Founder of the Walt Disney Archives

David Rollin Smith (October 13, 1940 – February 15, 2019) was the founder and chief archivist of the Walt Disney Archives, the corporate archive of The Walt Disney Company.

== Early life and education ==
Smith was born on October 13, 1940, and raised in Pasadena, California, the son of librarians and educators. He appreciated Disney movies as a child and, having lived in Southern California, visited Disneyland Park frequently, even attending the park's annual Grad Nite event when he was a high school senior.

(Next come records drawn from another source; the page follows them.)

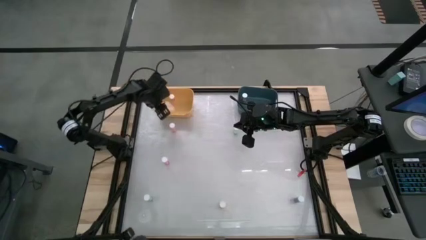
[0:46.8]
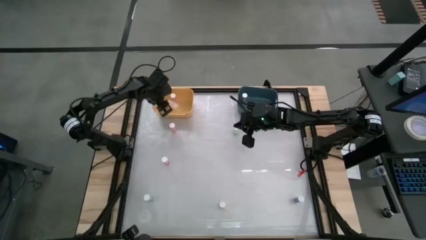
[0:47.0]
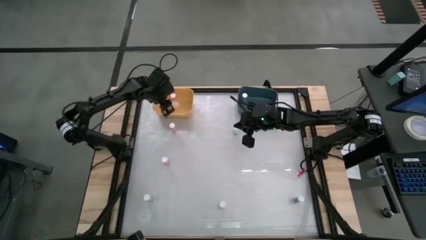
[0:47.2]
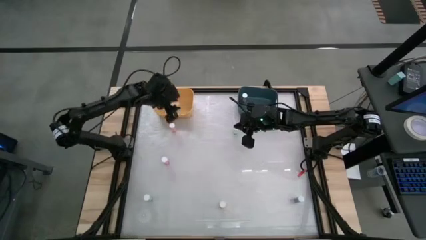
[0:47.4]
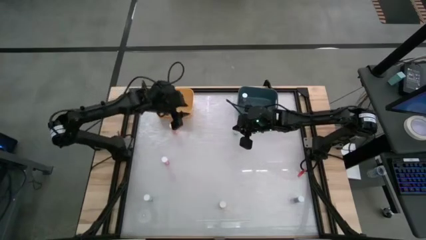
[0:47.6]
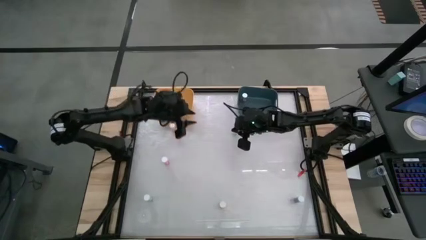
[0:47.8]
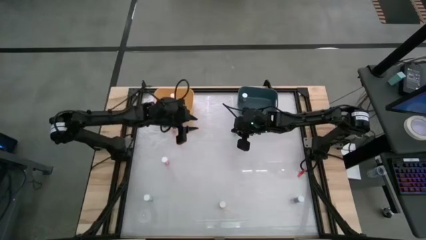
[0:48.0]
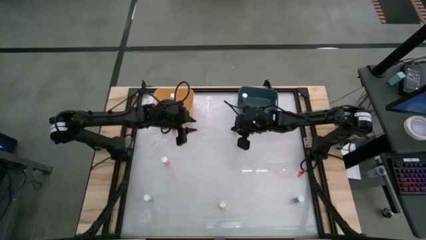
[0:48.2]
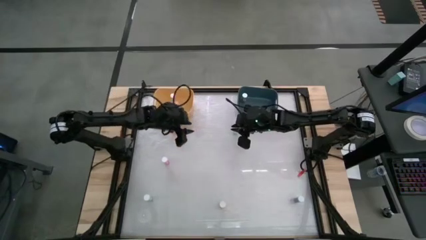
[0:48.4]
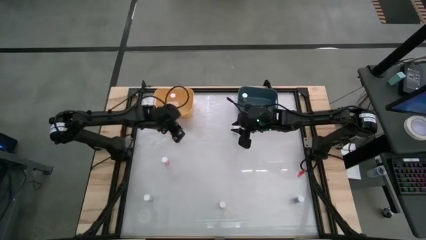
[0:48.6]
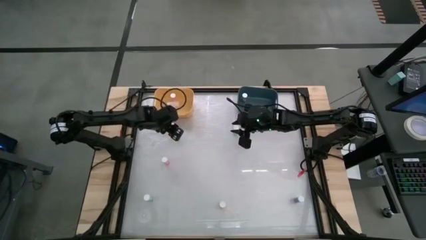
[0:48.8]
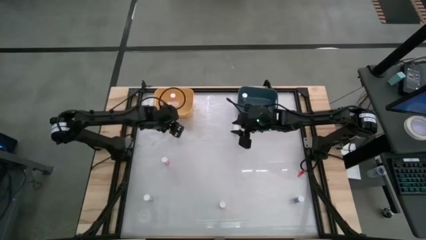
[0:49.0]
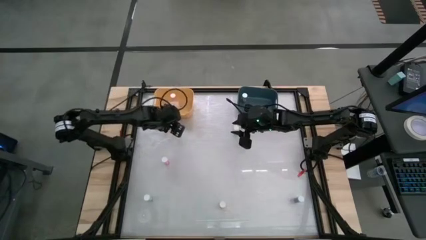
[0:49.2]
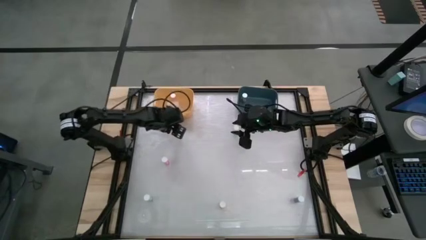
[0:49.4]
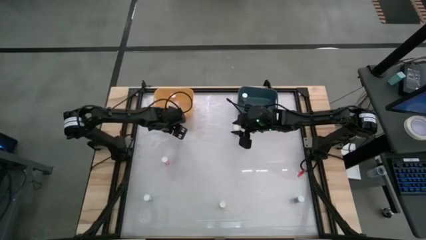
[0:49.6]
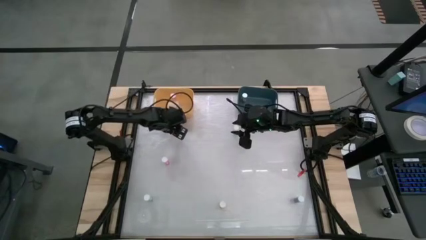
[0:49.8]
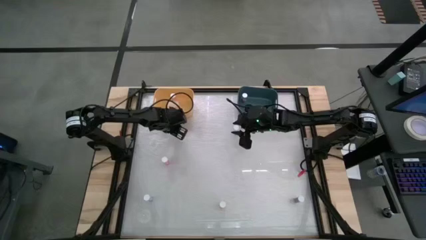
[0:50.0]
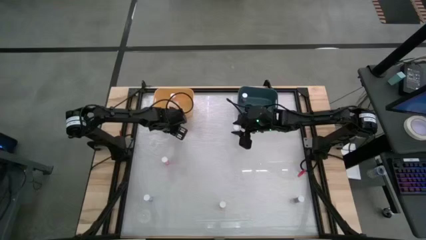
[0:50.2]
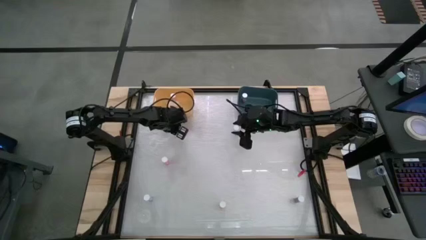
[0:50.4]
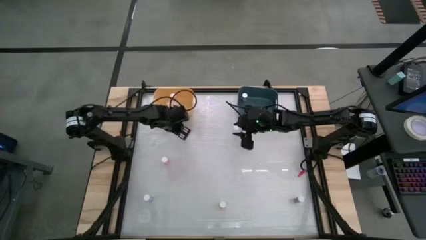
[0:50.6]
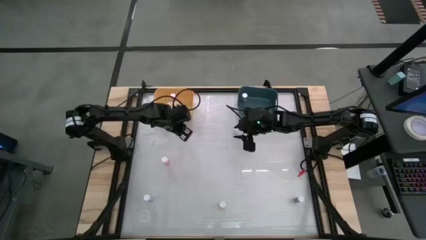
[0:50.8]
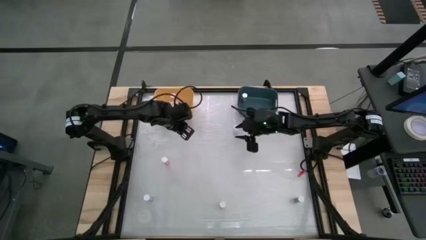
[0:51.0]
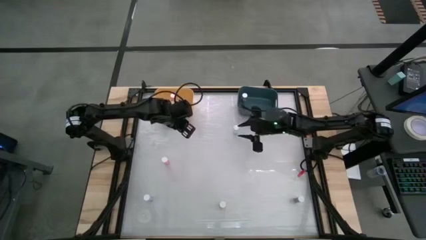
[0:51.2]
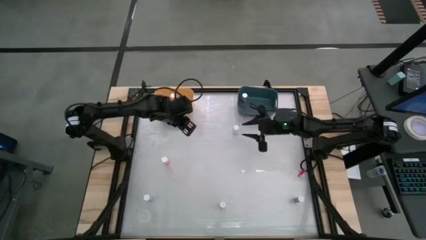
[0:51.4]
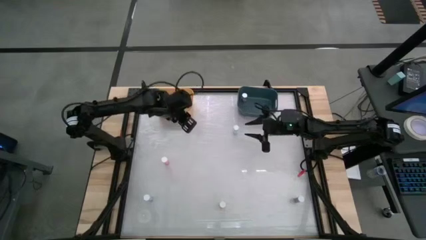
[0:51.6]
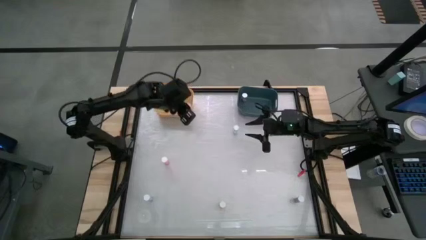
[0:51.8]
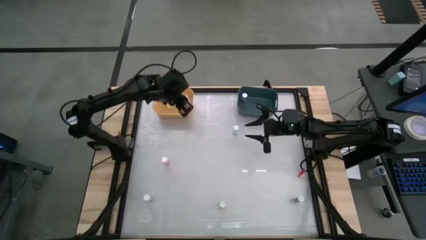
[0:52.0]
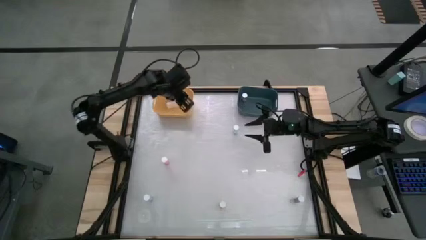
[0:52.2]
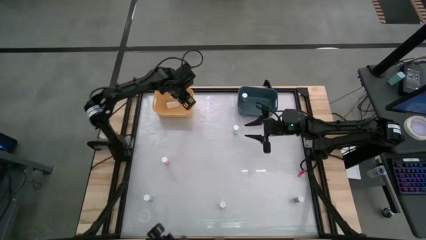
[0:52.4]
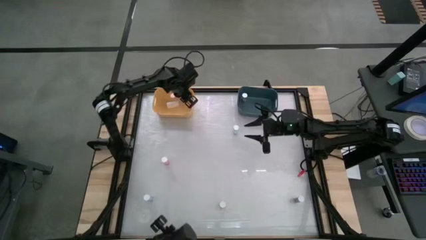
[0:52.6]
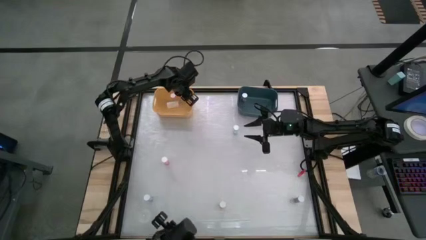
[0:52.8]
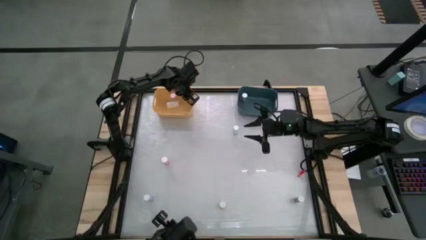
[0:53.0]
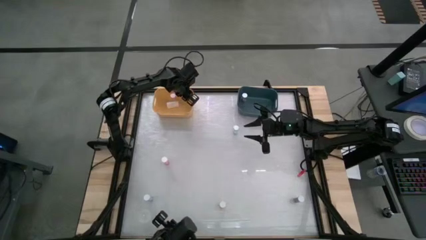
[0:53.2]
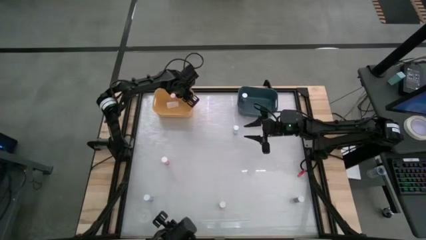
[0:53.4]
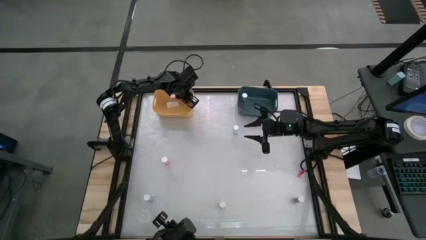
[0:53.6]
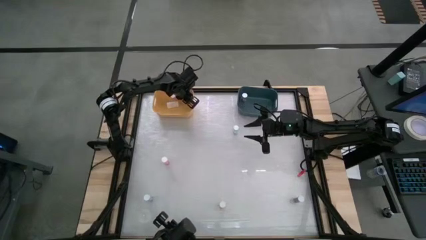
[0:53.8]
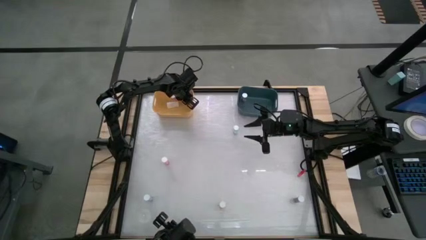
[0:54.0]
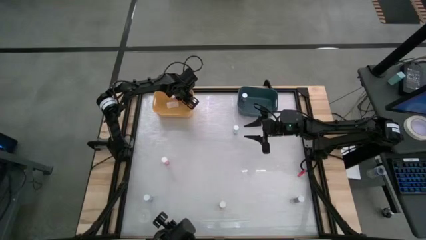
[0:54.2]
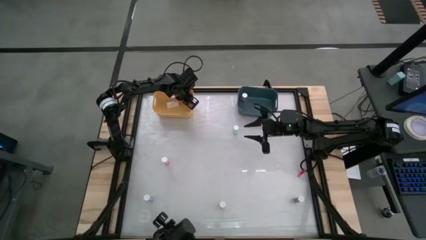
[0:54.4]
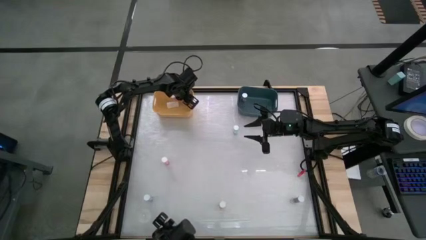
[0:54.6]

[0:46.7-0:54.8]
Task: Pick and place medicine bottles into bin by pill shape (circle, oval)
Put the top pink tablet bottle into the yellow bin

Smith met Walt Disney once at Disneyland and asked Disney for his autograph. Disney politely declined (he didn't want to attract attention to himself) and told Smith to write to the studio and request an autograph. Smith did as requested and received an autographed card in the mail.

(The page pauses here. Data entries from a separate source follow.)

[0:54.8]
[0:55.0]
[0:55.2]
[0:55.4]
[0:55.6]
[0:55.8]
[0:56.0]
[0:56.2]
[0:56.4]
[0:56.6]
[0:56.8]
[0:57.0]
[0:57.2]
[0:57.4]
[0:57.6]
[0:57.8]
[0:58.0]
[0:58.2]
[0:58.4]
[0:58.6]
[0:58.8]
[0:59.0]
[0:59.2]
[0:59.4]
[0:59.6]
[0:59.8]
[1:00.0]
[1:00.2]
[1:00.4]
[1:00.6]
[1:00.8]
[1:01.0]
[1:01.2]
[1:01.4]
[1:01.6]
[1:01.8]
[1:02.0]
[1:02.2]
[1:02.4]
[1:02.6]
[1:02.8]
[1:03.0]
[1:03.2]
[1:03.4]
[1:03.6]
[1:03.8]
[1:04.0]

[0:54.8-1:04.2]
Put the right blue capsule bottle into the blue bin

Smith graduated from UC Berkeley with a BA in history and a master's degree in library science. Once graduated, Smith spent time working in the manuscript department at the Huntington Library in San Marino, California. He then spent a year and a half as an intern at the Library of Congress in Washington, D.C., and then moved back to California and worked as a research librarian at UCLA for five years. While at UCLA, he authored several bibliographies, including ones on the CSS Virginia and USS Monitor ironclad warships as well as Jack Benny.

== Disney career ==
While at UCLA in 1967, with approval of Walt Disney Productions (now The Walt Disney Company), Smith began compiling a bibliography on Walt Disney, which he spent more than a year researching. The company was impressed with Smith's skills and requested his services as an archival consultant in 1969. Smith took a leave of absence from UCLA and his first Disney assignment was cataloguing and photographing Walt Disney's offices, which had been left relatively untouched since Disney died in 1966.

Smith completed his work in December 1969 and wrote out a proposal for the establishment of a corporate archive for Disney—piggybacking off of company co-founder (and brother of Walt Disney) Roy O. Disney's desire to preserve the company's history. After six months of deliberation, the proposal was accepted and Smith joined the company full time on June 22, 1970, as Disney's first archivist. Over the next 40 years, Smith and the archives staff steadily grew the collection to include company files, a library of books, movie props, costumes, artwork, pieces of Disney Park attractions, and more.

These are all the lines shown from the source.